1) ‘Ashib bi Nafsihi (‘Ashabah dengan sendirinya)

Ia adalah Bapak dan Kakek ke atas, Anak laki-laki dan anak laki-laki dari anak laki-laki ke bawah, saudara kandung atau saudara sebapak, anak laki-laki dari saudara kandung atau anak laki-laki dari saudara sebapak ke bawah, paman kandung dari pihak bapak atau paman sebapak dari pihak bapak, anak laki-laki dari paman kandung atau anak laki-laki dari paman sebapak dari pihak bapak ke bawah, al-Mu’tiq (orang yang memerdekakan) baik laki-laki maupun perempuan, ‘Ashabah dari al-Mu’tiq yang menjadi ‘Ashabah bi Anfusihim (dengan sendirinya), dan Baitul Mal. 


2) ‘Ashib bi Ghairihi (‘Ashabah dengan Selainnya)

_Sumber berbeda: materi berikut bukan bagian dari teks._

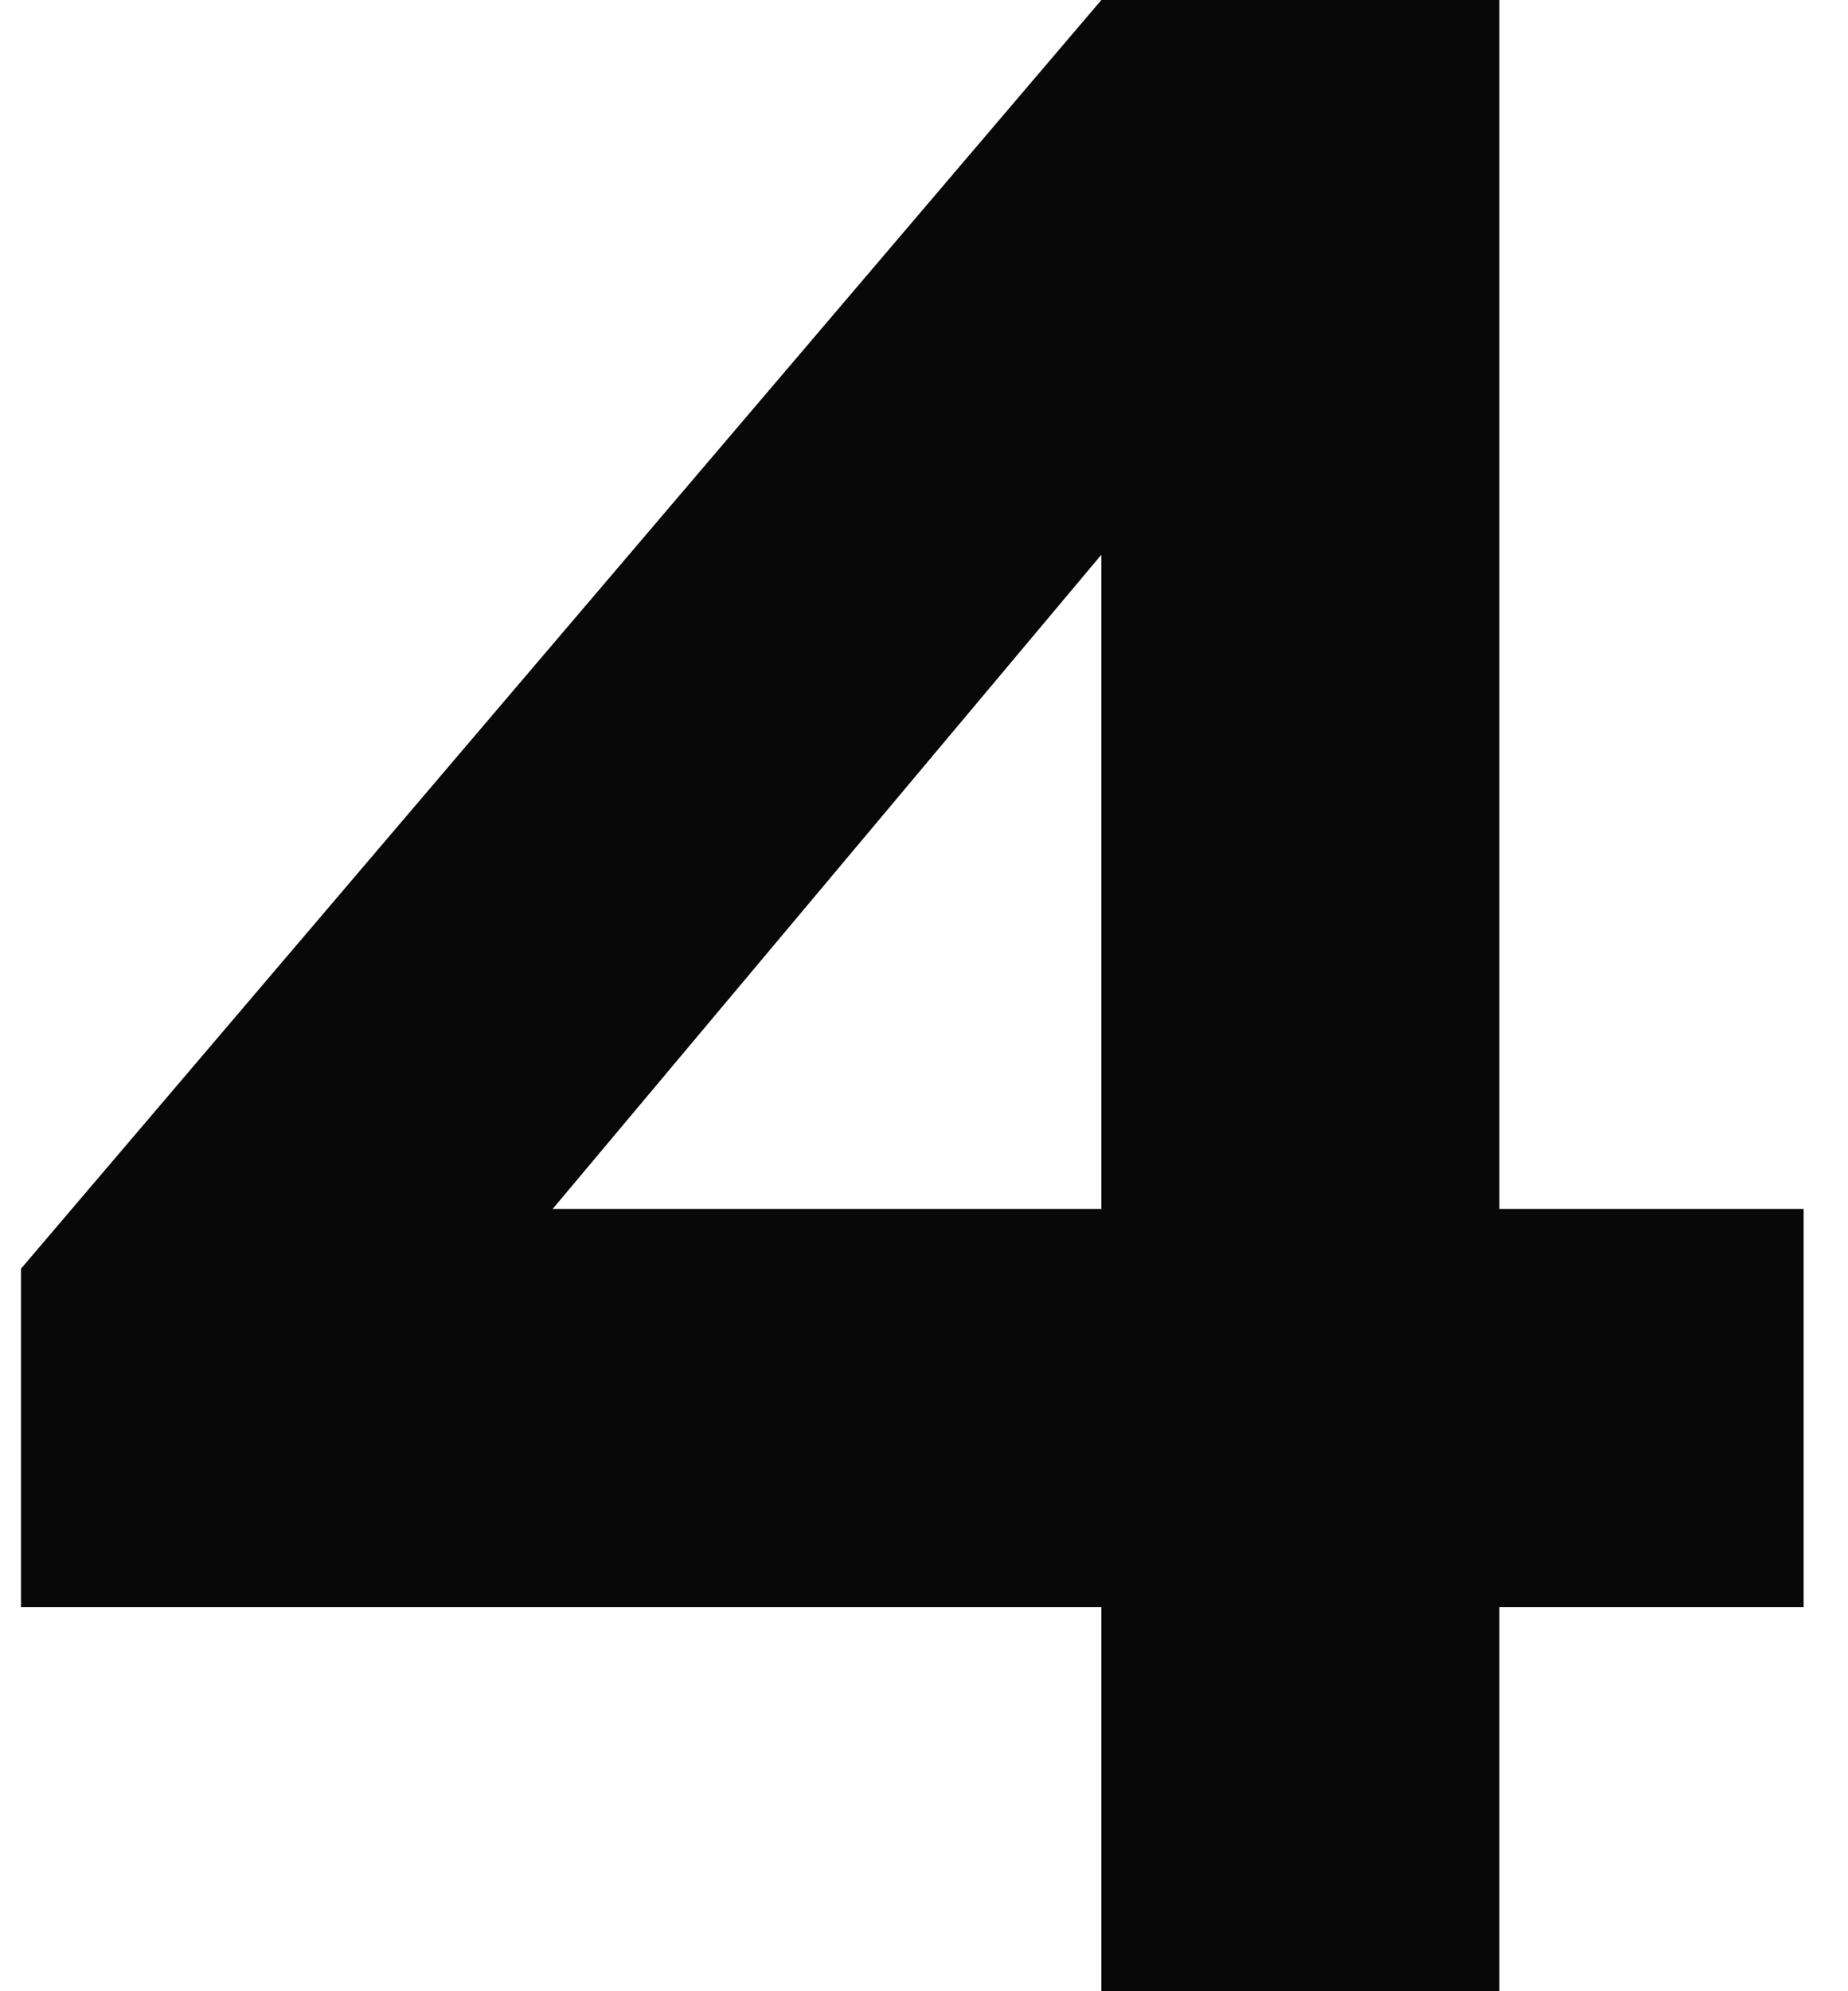 <?xml version="1.0" encoding="UTF-8"?> <svg xmlns="http://www.w3.org/2000/svg" width="39" height="42" viewBox="0 0 39 42" fill="none"><path d="M0.443 33.9V26.76L23.243 -2.86102e-06H31.643V25.5H38.063V33.9H31.643V42H23.243V33.9H0.443ZM11.663 25.5H23.243V11.7L11.663 25.5Z" fill="#090809"></path></svg> 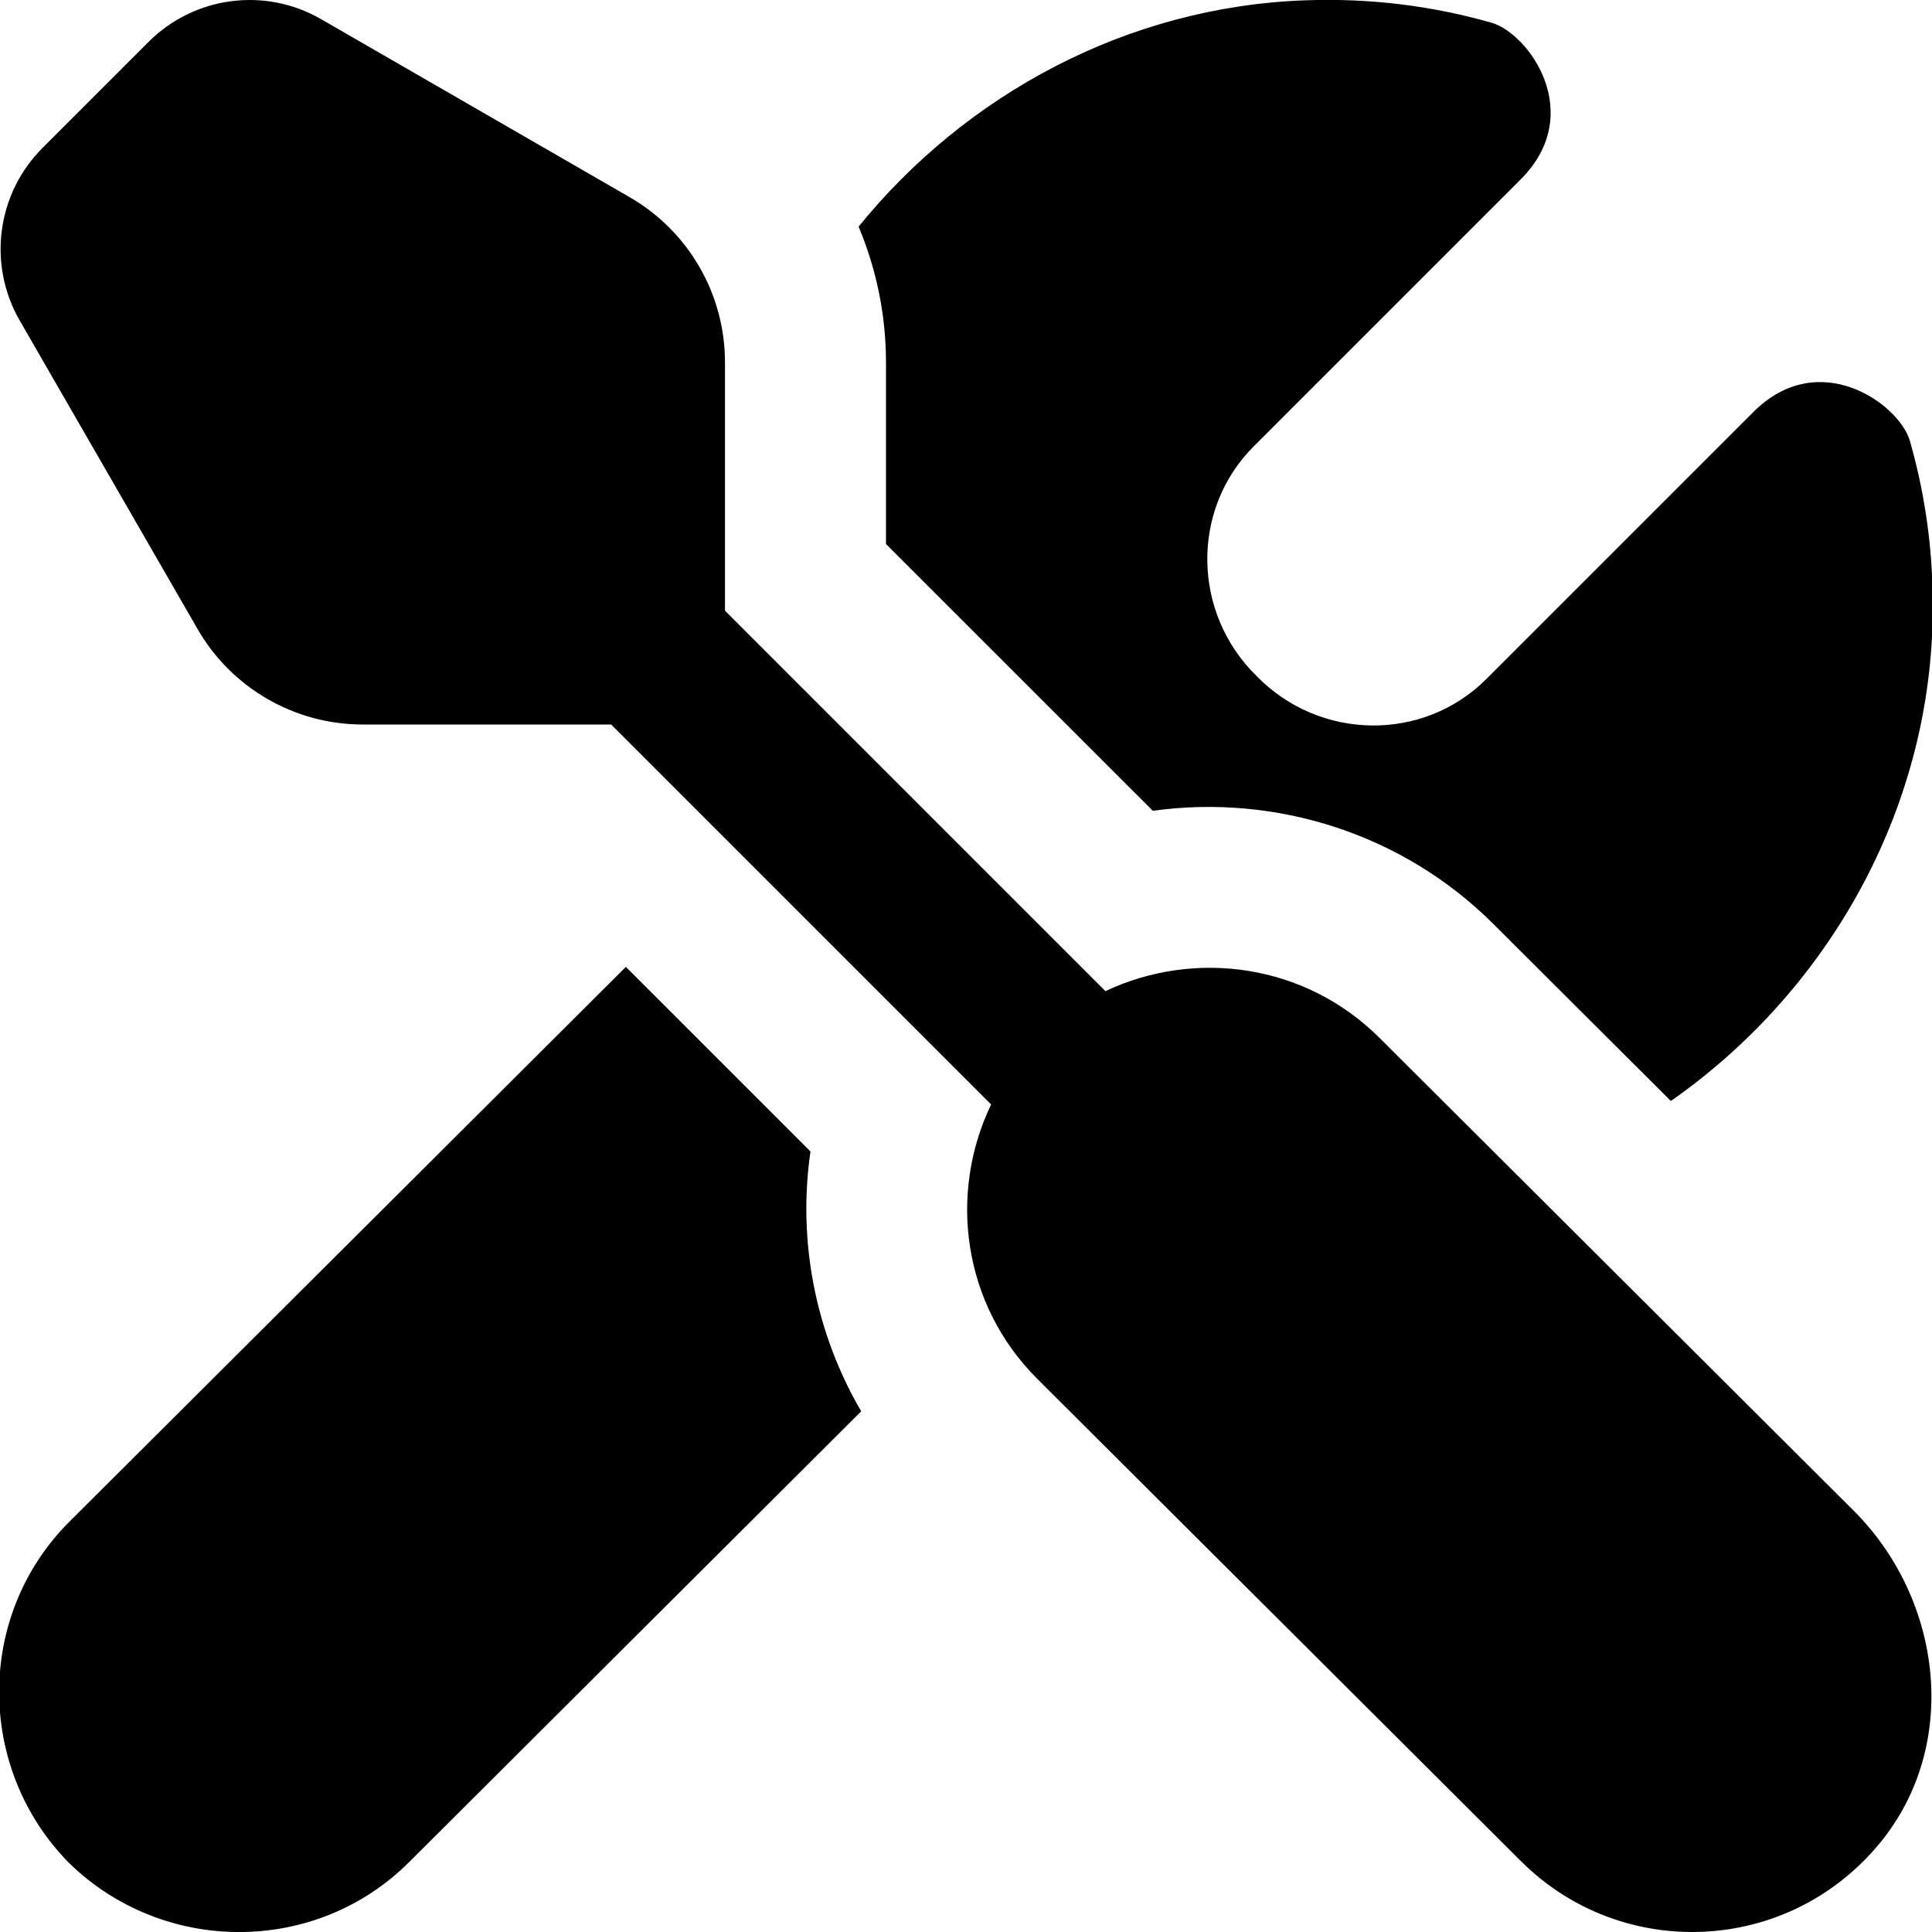 <?xml version="1.0" encoding="UTF-8"?> <svg xmlns="http://www.w3.org/2000/svg" id="Layer_1" data-name="Layer 1" viewBox="0 0 24 24"><path d="m.527,1.839L1.846.52C2.414-.048,3.293-.164,3.989.238l3.832,2.211c.733.423,1.185,1.205,1.185,2.051v3.086s4.726,4.726,4.726,4.726c1.115-.525,2.482-.339,3.404.58l5.889,5.872c1.111,1.108,1.325,2.916.329,4.129-1.145,1.395-3.212,1.472-4.458.229l-6.01-5.993c-.926-.923-1.109-2.295-.574-3.409l-4.72-4.72h-3.086c-.846,0-1.629-.452-2.051-1.185L.245,3.982C-.156,3.286-.041,2.407.527,1.839Zm10.479,2.661v2.258l3.315,3.314c1.524-.212,3.104.283,4.227,1.403l2.208,2.202c1.887-1.319,3.164-3.478,3.249-5.881.028-.794-.065-1.569-.279-2.317-.131-.457-1.126-1.18-1.946-.36-.82.82-3.316,3.316-3.316,3.316-.787.787-2.074.764-2.853-.036-.799-.779-.824-2.067-.037-2.854,0,0,2.496-2.496,3.316-3.316.82-.82.097-1.815-.36-1.946-.748-.214-1.523-.308-2.317-.279-2.211.079-4.213,1.168-5.547,2.811.22.526.34,1.097.34,1.684Zm-.938,9.804l-2.293-2.293L.859,18.906c-1.162,1.163-1.155,3.059-.007,4.231,1.172,1.149,3.068,1.156,4.231-.006l5.615-5.599c-.568-.974-.792-2.113-.63-3.228Z"></path></svg>

Ia adalah semua perempuan yang dijadikan ‘Ashabah oleh laki-laki, sehingga perempuan tersebut mewarisi bersama yang laki-laki dengan kadar laki-laki mendapatkan dua bagian perempuan. Mereka adalah saudari kandung perempuan dengan saudara kandung laki-lakinya, saudari perempuan sebapak bersama saudara laki-laki sebapak, anak perempuan bersama saudara laki-lakinya, anak perempuan dari anak laki-laki bersama saudara laki-lakinya atau bersama anak laki-laki dari anak laki-laki jikalau tidak ada yang mendapatkan Furudh. Jikalau ada yang mendapatkan Furudh bersamanya, maka anak laki-laki dari anak laki-laki yang berada di bawahnya tidak membuatnya menjadi ‘Ashabah. Misalnya, seorang laki-laki meninggal, kemudian meninggalkan seorang anak perempuan, anak perempuan dari anak laki-laki, cicit laki-laki (cucu laki-laki dari anak laki-laki). Maka, anak perempuan mendapatkan setengah, anak perempuan dari anak laki-laki mendapatkan seperenam untuk menyempurnakan dua pertiga, kemudian sisanya adalah untuk cicit sebagai ‘Ashabah. 

Atau ia meninggalkan anak perempuan dari anak laki-laki, cicit laki-laki (cucu laki-laki dari anak laki-laki). Maka, anak perempuan dari anak laki-laki mendapatkan setengah secara Furudh, kemudian setengah sisanya untuk cicit laki-laki (cucu laki-laki dari anak laki-laki) sebagai ‘Ashabah. 

Atau ia meninggalkan dua anak perempuan dari anak laki-laki, dan cicit laki-laki (cucu laki-laki dari anak laki-laki).Maka, dua anak perempuan dari anak laki-laki mendapatkan dua pertiga secara Furudh, dan cicit laki-laki (cucu laki-laki dari anak laki-laki) mendapatkan sisanya sebagai ‘Ashabah. 

Semua ini berlaku jikalau anak perempuan dari anak laki-laki, derajatnya sama dengan cicit laki-laki (cucu laki-laki dari anak laki-laki), atau derajatnya lebih tinggi. Sedangkan jikalau derajatnya lebih rendah satu derajat atau lebih, maka ia menghijabnya dengan hijab Isqath (menggugurkan), sehingga ia tidak mendapatkan warisan sama sekali. 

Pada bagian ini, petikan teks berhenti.